Avaliação Fisiológica Invasiva: Do Binário ao Contínuo

Autores:

Daniel Chamié,
Alexandre Abizaid

ARTIGO ORIGINAL

Arquivos Brasileiros de Cardiologia

versão impressa ISSN 0066-782Xversão On-line ISSN 1678-4170

Arq. Bras. Cardiol. vol.114 no.2 São Paulo fev. 2020 Epub 20-Mar-2020

https://doi.org/10.36660/abc.20200054

Descrita por Pijls et al. em 1993 e embasada por extensa validação e dados clínicos robustos, a reserva de fluxo fracionado (FFR, do inglês fractional flow reserve) foi incorporada às diretrizes de revascularização miocárdica para guiar a necessidade de revascularização de estenoses angiograficamente intermediárias em pacientes com doença arterial coronária (DAC) estável.1-3 Os argumentos mais amplos para tal decisão são: (1) a angiografia coronária, por apresentar uma complexa estrutura tridimensional como um luminograma planar, padece de conhecidas limitações,4,5, além de possuir alta variabilidade para quantificação da gravidade de estenoses6 e baixa capacidade em predizer o significado funcional de uma estenose coronária epicárdica,7 e (2) a revascularização de estenoses coronárias estáveis apenas com base na gravidade da redução luminal determinada pela angiografia coronária não resulta em melhora de eventos cardiovasculares adversos em comparação com o tratamento clínico otimizado8 ou contra a revascularização apenas de lesões funcionalmente significativas.9-11

A premissa central da fisiologia coronária invasiva é identificar a isquemia miocárdica com resolução espacial superior (por vaso) à dos métodos não invasivos (por território), auxiliando a seleção de estenoses (e, portanto, de pacientes) mais propensas a se beneficiarem da revascularização.
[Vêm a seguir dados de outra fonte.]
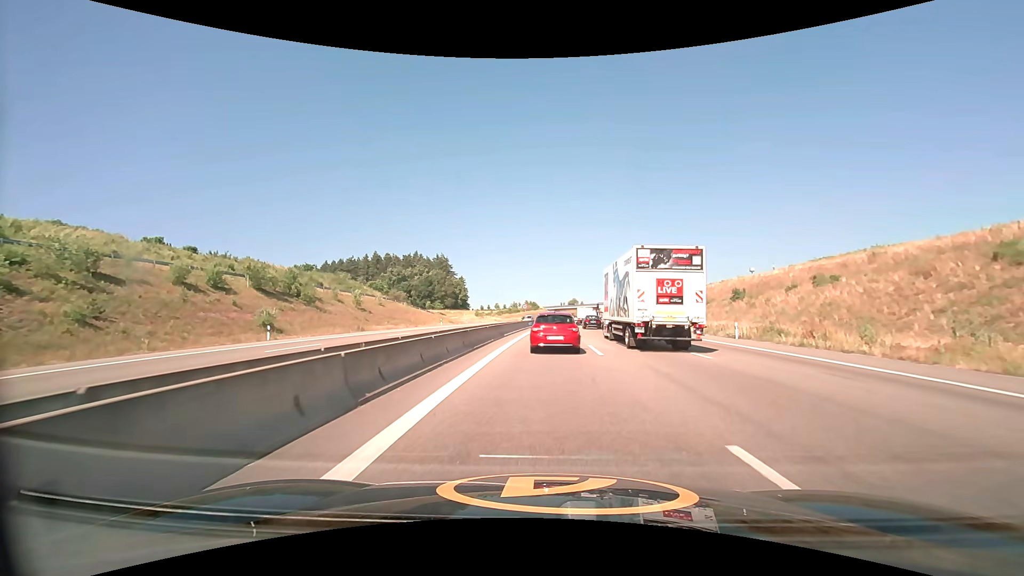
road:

No entanto, apesar dos benefícios clínicos e recomendações em diretrizes, a adoção da FFR na prática clínica permanece baixa (< 10%) na grande maioria dos laboratórios de cateterismo ao redor do globo. Custo, acréscimo de tempo ao procedimento, desconforto dos pacientes ao estímulo hiperêmico ou contra-indicações à utilização da adenosina, bem como dificuldades de interpretação dos traçados fisiológicos em algumas situações anatômicas (p. ex. lesões em série/difusas) são algumas das explicações para a baixa adoção da FFR.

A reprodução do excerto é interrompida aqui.